Exercise objective — Give every line of the data again, unchanged, but with no pictures.

[Items listed in a dataset]
----
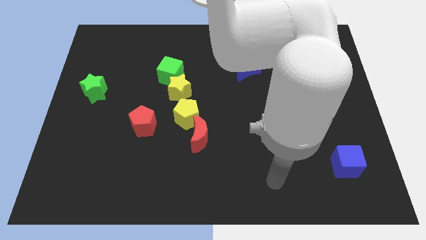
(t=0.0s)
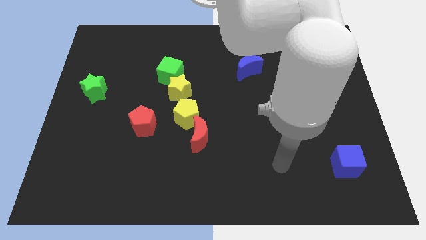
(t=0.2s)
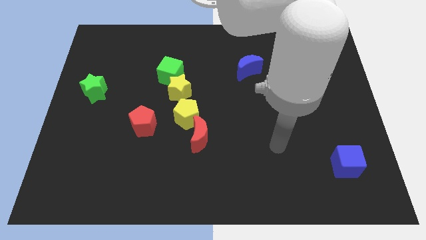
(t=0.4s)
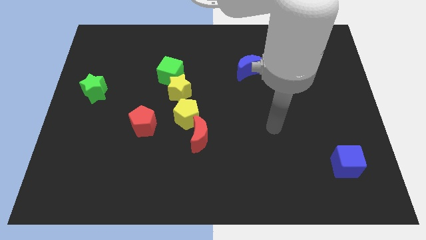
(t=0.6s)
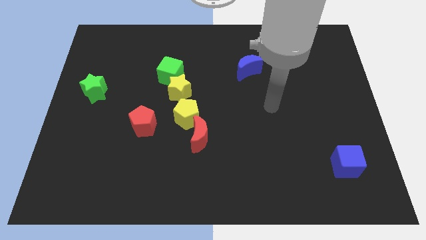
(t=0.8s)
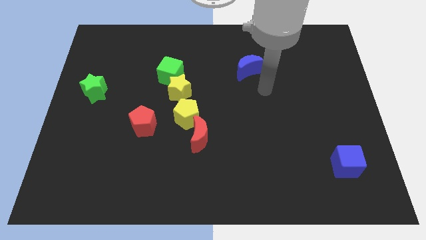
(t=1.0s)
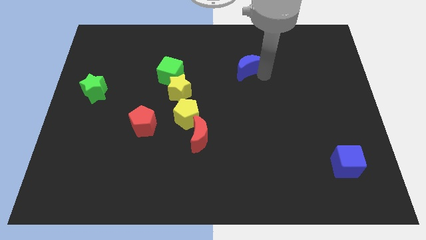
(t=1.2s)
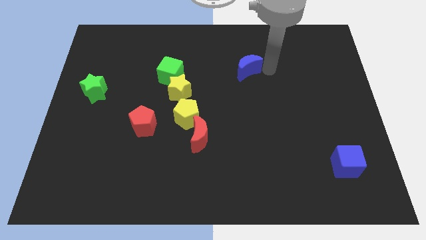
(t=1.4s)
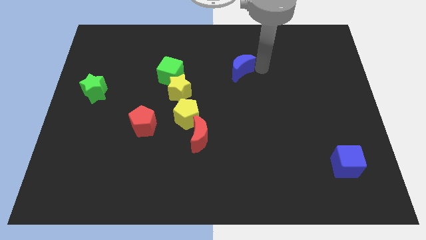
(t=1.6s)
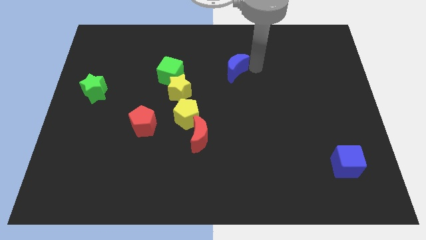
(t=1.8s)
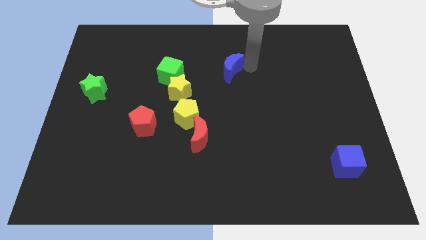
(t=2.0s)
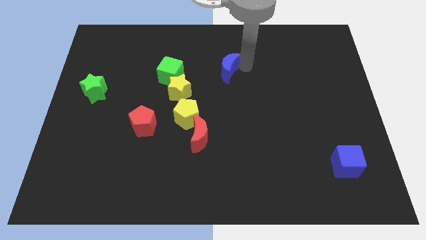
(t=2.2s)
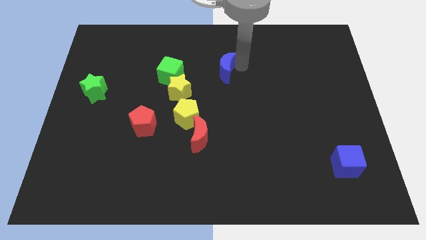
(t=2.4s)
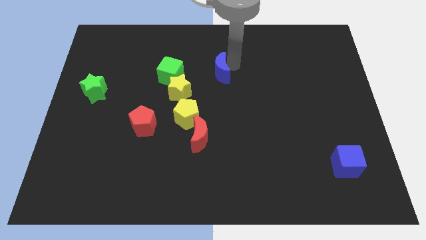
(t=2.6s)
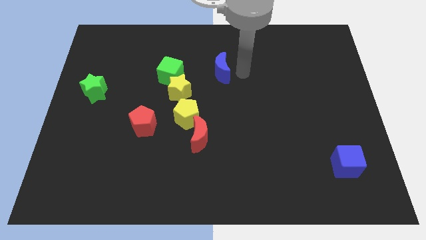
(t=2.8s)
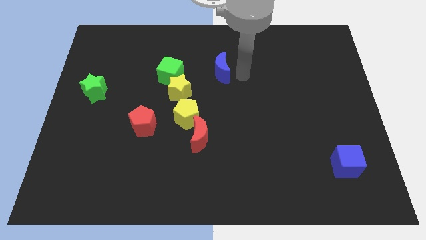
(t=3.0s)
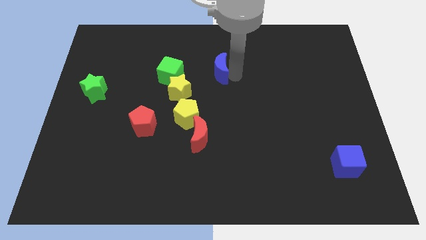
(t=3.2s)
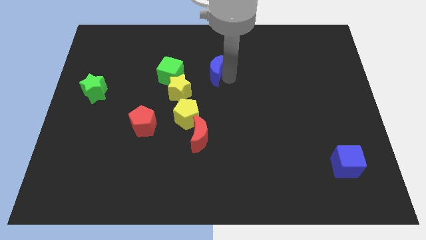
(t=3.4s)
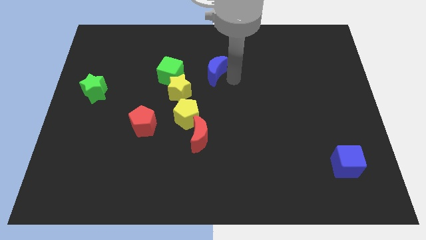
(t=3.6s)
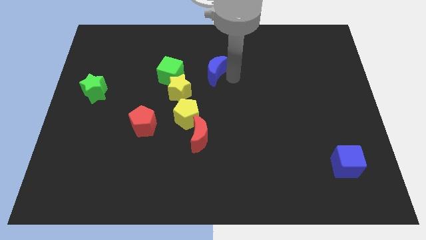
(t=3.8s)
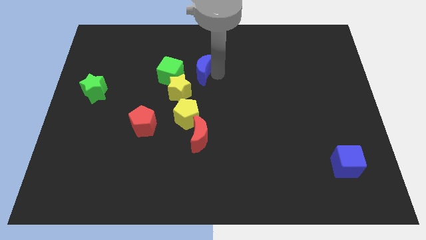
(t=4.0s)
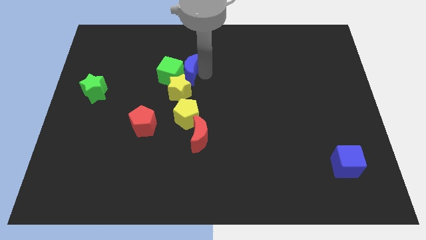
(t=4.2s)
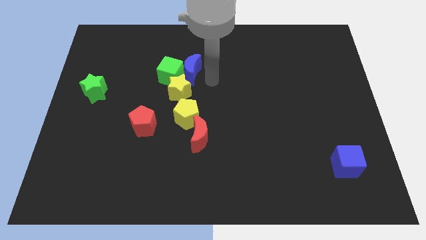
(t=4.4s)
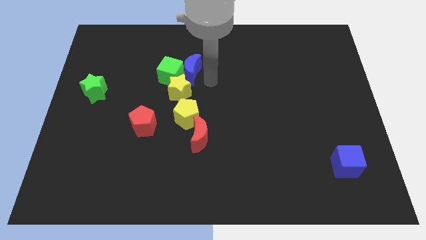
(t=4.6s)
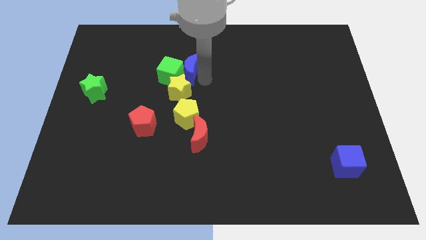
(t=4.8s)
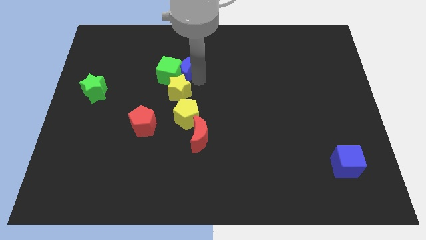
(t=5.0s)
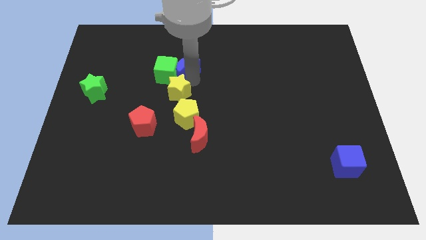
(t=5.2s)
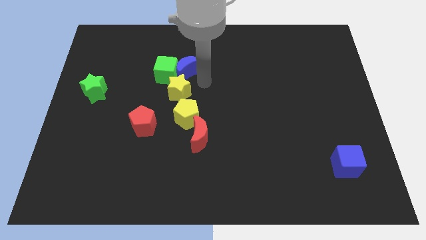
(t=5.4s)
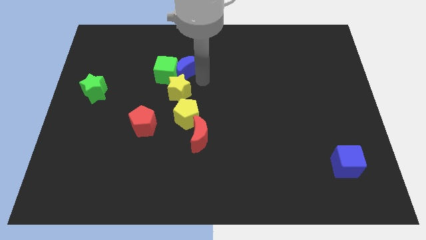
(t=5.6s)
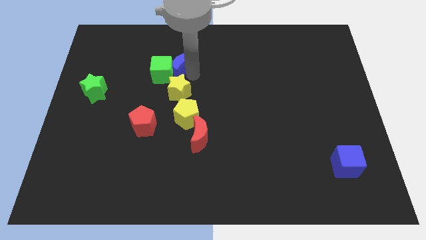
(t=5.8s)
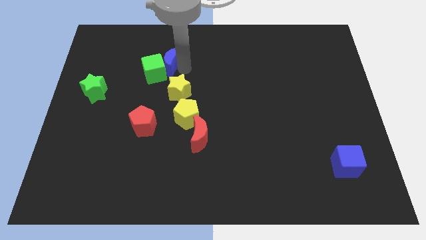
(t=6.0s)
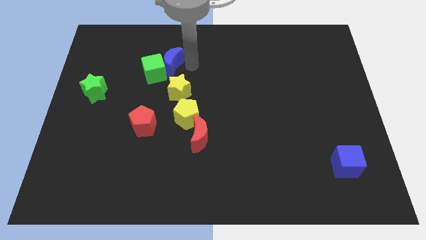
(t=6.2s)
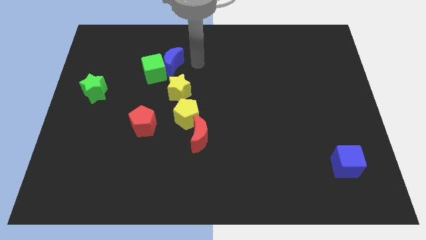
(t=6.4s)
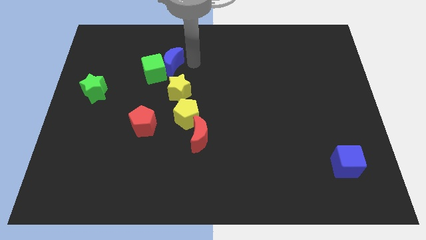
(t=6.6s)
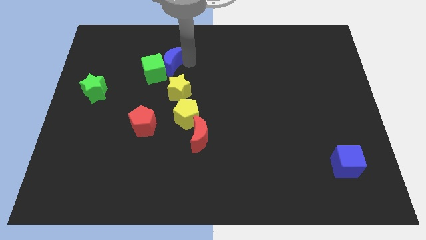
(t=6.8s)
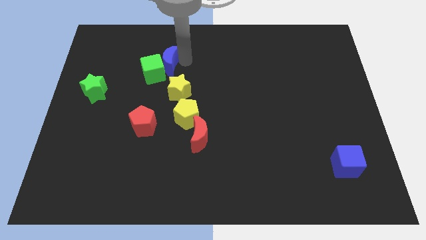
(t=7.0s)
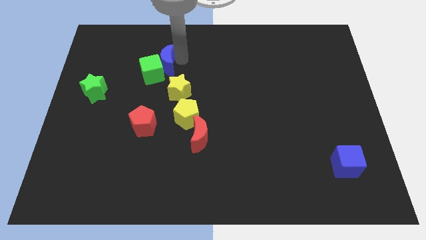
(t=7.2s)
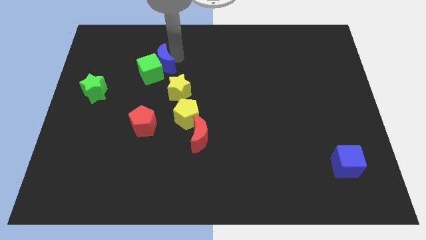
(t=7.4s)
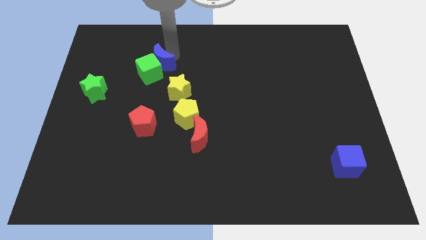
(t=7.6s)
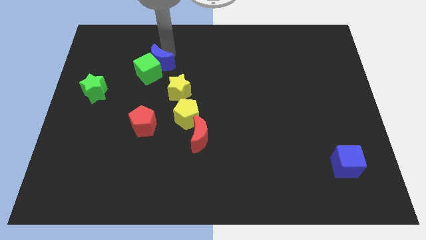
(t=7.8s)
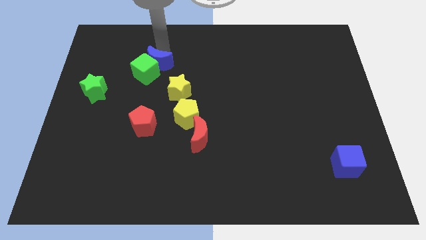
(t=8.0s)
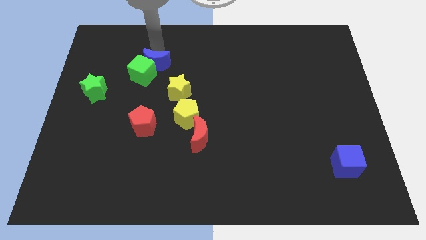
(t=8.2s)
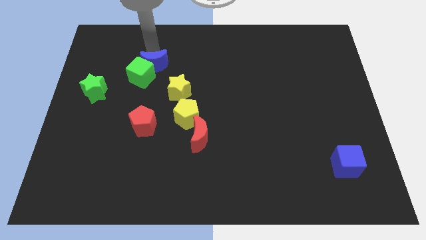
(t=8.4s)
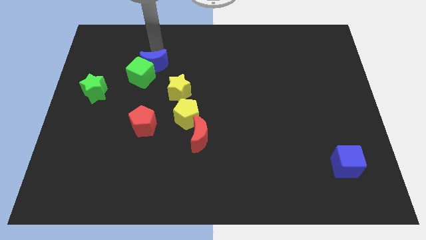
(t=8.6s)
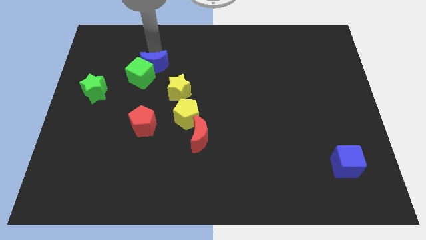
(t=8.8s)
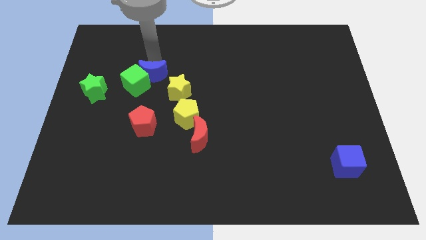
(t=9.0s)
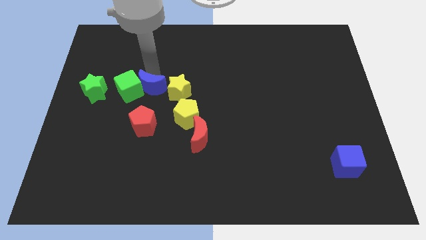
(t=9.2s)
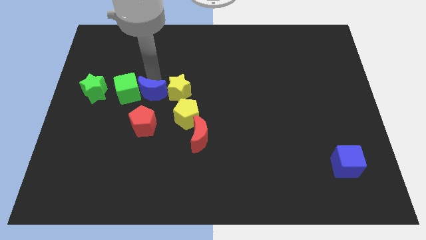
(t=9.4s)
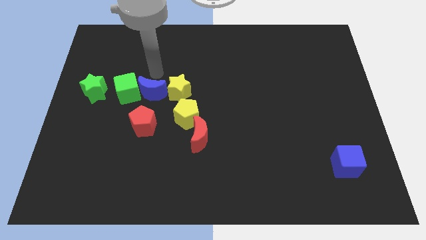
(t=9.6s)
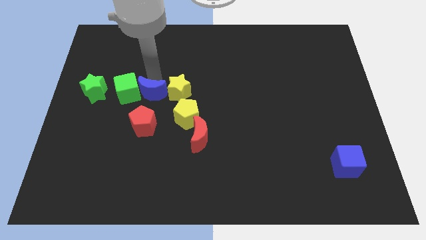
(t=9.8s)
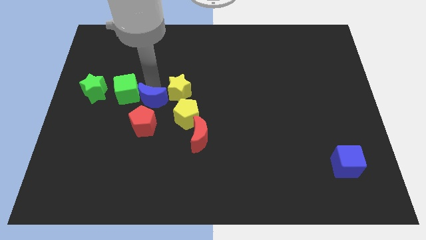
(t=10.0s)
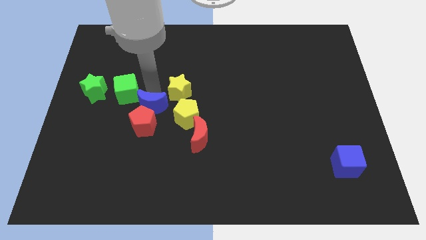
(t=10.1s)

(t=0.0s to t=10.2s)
push the blue moon close to the red pentagon
----
Response to the task —
(t=0.0s)
(t=0.2s)
(t=0.4s)
(t=0.6s)
(t=0.8s)
(t=1.0s)
(t=1.2s)
(t=1.4s)
(t=1.6s)
(t=1.8s)
(t=2.0s)
(t=2.2s)
(t=2.4s)
(t=2.6s)
(t=2.8s)
(t=3.0s)
(t=3.2s)
(t=3.4s)
(t=3.6s)
(t=3.8s)
(t=4.0s)
(t=4.2s)
(t=4.4s)
(t=4.6s)
(t=4.8s)
(t=5.0s)
(t=5.2s)
(t=5.4s)
(t=5.6s)
(t=5.8s)
(t=6.0s)
(t=6.2s)
(t=6.4s)
(t=6.6s)
(t=6.8s)
(t=7.0s)
(t=7.2s)
(t=7.4s)
(t=7.6s)
(t=7.8s)
(t=8.0s)
(t=8.2s)
(t=8.4s)
(t=8.6s)
(t=8.8s)
(t=9.0s)
(t=9.2s)
(t=9.4s)
(t=9.6s)
(t=9.8s)
(t=10.0s)
(t=10.1s)

(t=0.0s to t=10.2s)
push the blue moon close to the red pentagon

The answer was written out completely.